We get an overnight bus from Mancora and as soon as we climb onboard we both know this might be the worst one we’ve been on: very packed and old and creaking. We manage to get some sleep – interrupted by someone having a horrendous poo in the bus toilet which a man has to come along with chemicals to sort out! – so we’re very glad to arrive in the city in the early morning.
The main reason people come to Trujillo is to visit the ancient archaeological sites around the city. There’s not that much to do in the town itself but we’re still keen to explore so a bit disappointing when we arrive in the main plaza to see it all covered in building work. The French lady who owns the hotel where we’re staying says that the city people are angry about it – the plaza doesn’t need to be dug up and there’s lots of repair work to be done after disastrous floods last year, but the mayor is corrupt and so the building work has gone ahead. The town still has nice elements: a bright yellow cathedral, beautiful wooden balconies on colonial buildings and wrought iron grilles.
We have decided against an organised tour of the archaeological sites and are going DIY; we catch a minibus from the main avenue and head towards the site of the Chan Chan Empire. Fifteen minutes out of town and just off a busy road is the ancient city of the Chimú Empire, a pre-Incan civilisation that stretched from Ecuador to Lima. The city is 14 square km and is a strange sight: half buried collapsing into sand, half rising above the desert and divided by a main road (another corrupt mayor in the 1970s, according to our guide, Harold). 35,000 people lived in the city from 900 to 1500 AD when they were defeated by the Inca.
Unlike many other civilisations, the Chimú worshiped the moon. This culture lived along the coast, farming and fishing on the almost lunar landscape; it was the moon (not the sun) whose light allowed cultivating land and fishing at night as well as represented fertility. Many of the carvings and architecture represent the 28 day cycle of the moon, under which men where sacrificed to the gods. We enter the main palace of the city through a wide funeral passage, lined by 10 metre high mud walls through which dancers and musicians tattooed with octopus blood would have led the concubines and llamas to be sacrificed for the king’s death.

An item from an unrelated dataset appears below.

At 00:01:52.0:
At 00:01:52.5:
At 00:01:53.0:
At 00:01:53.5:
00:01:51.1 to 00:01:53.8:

We move into the covered area which was the administrative centre, a maze of passageways and rooms carved with sea waves, birds and diamond spaces representing fishing nets. The complicated network of rooms was designed so that enemies would get confused; whilst the Chimú knew to follow the carvings of birds to find the exit, enemies would be stuck in the maze and defeated.

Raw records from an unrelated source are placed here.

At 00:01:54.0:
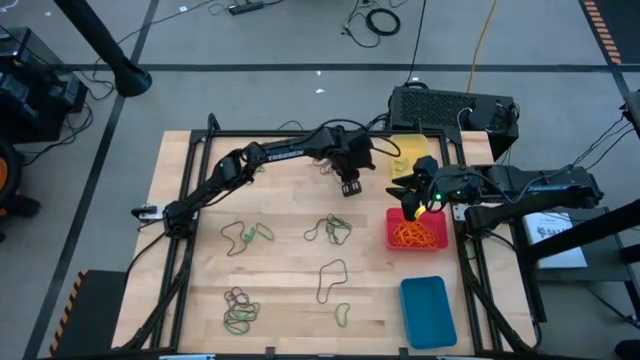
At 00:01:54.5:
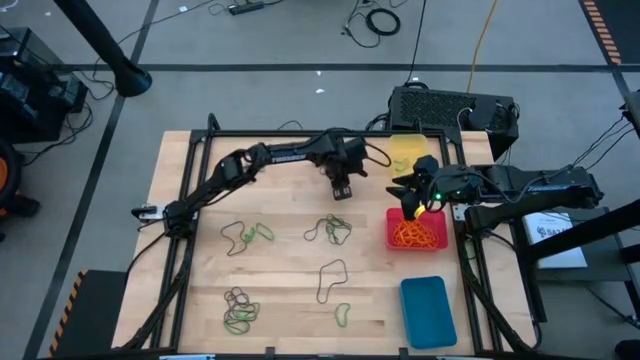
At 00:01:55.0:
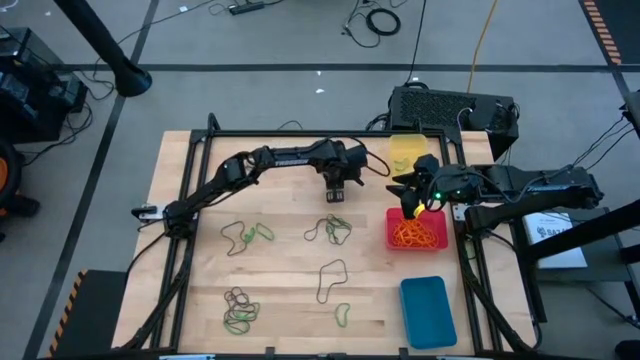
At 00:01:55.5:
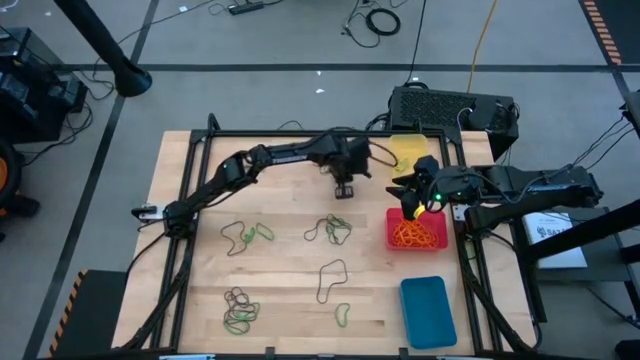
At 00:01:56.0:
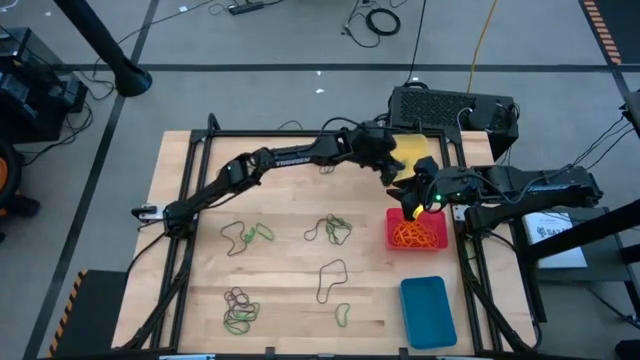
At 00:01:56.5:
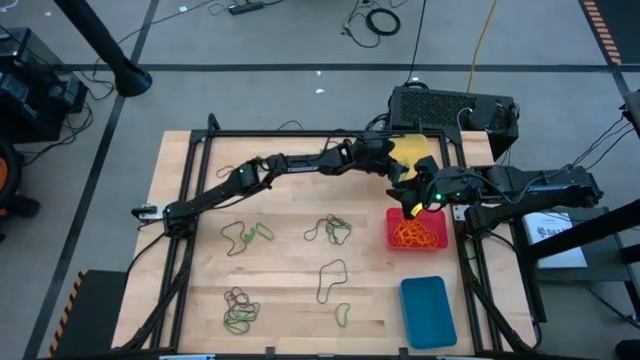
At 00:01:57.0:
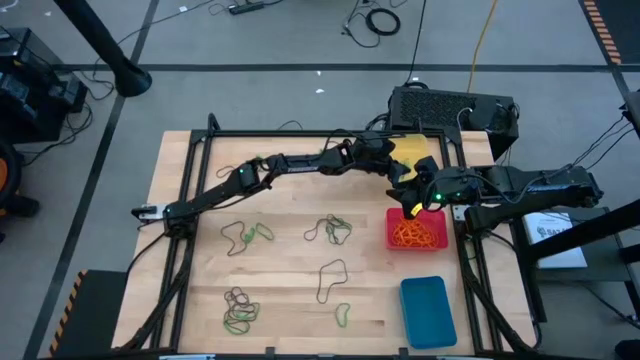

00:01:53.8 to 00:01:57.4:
Put the green rubber band into the yellow bin

Everything seemed to have a reason and it was great to have Harold explaining the significance of every little detail. He has a sweet, high pitches laugh for a large man and is a friendly and warm, excited that we are on our honeymoon. We talk about our families and our national dishes and he looks at us and exclaims shrilly “but why you not fat???”, making us laugh.
Amazingly, the Chan Chan Empire has been unaffected by earthquakes and flooding which has floored so many Peruvian cities over the centuries.
After the tour, we catch another bus to a nearby fishing village called Huanchaco for lunch. The bus is filled schoolkids, pushing each other and giggling. Huanchaco is a surf town and though there are lots of places to eat along the main drag, the backstreets are quiet. We eat cheap ceviche on a restaurant terrace and watch the surfers waiting to catch a wave. Along the beach are wicker surfboards, called cabalittos de mar, which were first used by the Moche culture hundreds of years ago.
On our way back we visit Huaca Esmerelda, another Chimù site in the middle of Trujillo and surrounded by modern buildings. We’re the only ones there and have to wake up the guard to let us in so we can walk around the ancient walls. There are two hairless dogs, an ancient local breed, which apparently are good for people with arthritis..!
The next day we visit the Huaca de la Luna and the Huaca del Sol, ancient sites on the other side of the city. Again we catch a tiny minibus there, crammed with twenty or so people, and bounce along dirt roads into the barren landscape. The Huacas are ancient temple of the Moche culture who were here even before the Chimú. They are two pyramid structures, one of which is being excavated and one is covered in sand and crumbling away. They were absolutely amazing, covered in carefully excavated and preserved frescoes and unlike anything I’ve seen before. The Peruvian government doesn’t provide any financial support to the sites, which rely on private donations to protect and preserve these ancient places.
Back in Trujilo we have a couple of hours to kill before our next overnight bus south. I go to buy a rice pudding from a lady who has a little stall just around the corner from where we are staying. I am a big rice pudding fan and hers is delicious: with blackcurrent jelly, and flavoured with vanilla and burnt sugar and served in a plastic cup for the grand total of 25p. We go up the road to watch the Peru v Argentina match on a big screen: its being shown in an open square and we grab a beer and a plastic chair. All day we have seen people wearing Peruvian football shorts and with their faces painted, gearing up for the game, and when Peru draw 0-0 in the group stages against the mighty Argentina the celebrations are as if they have already won the World Cup.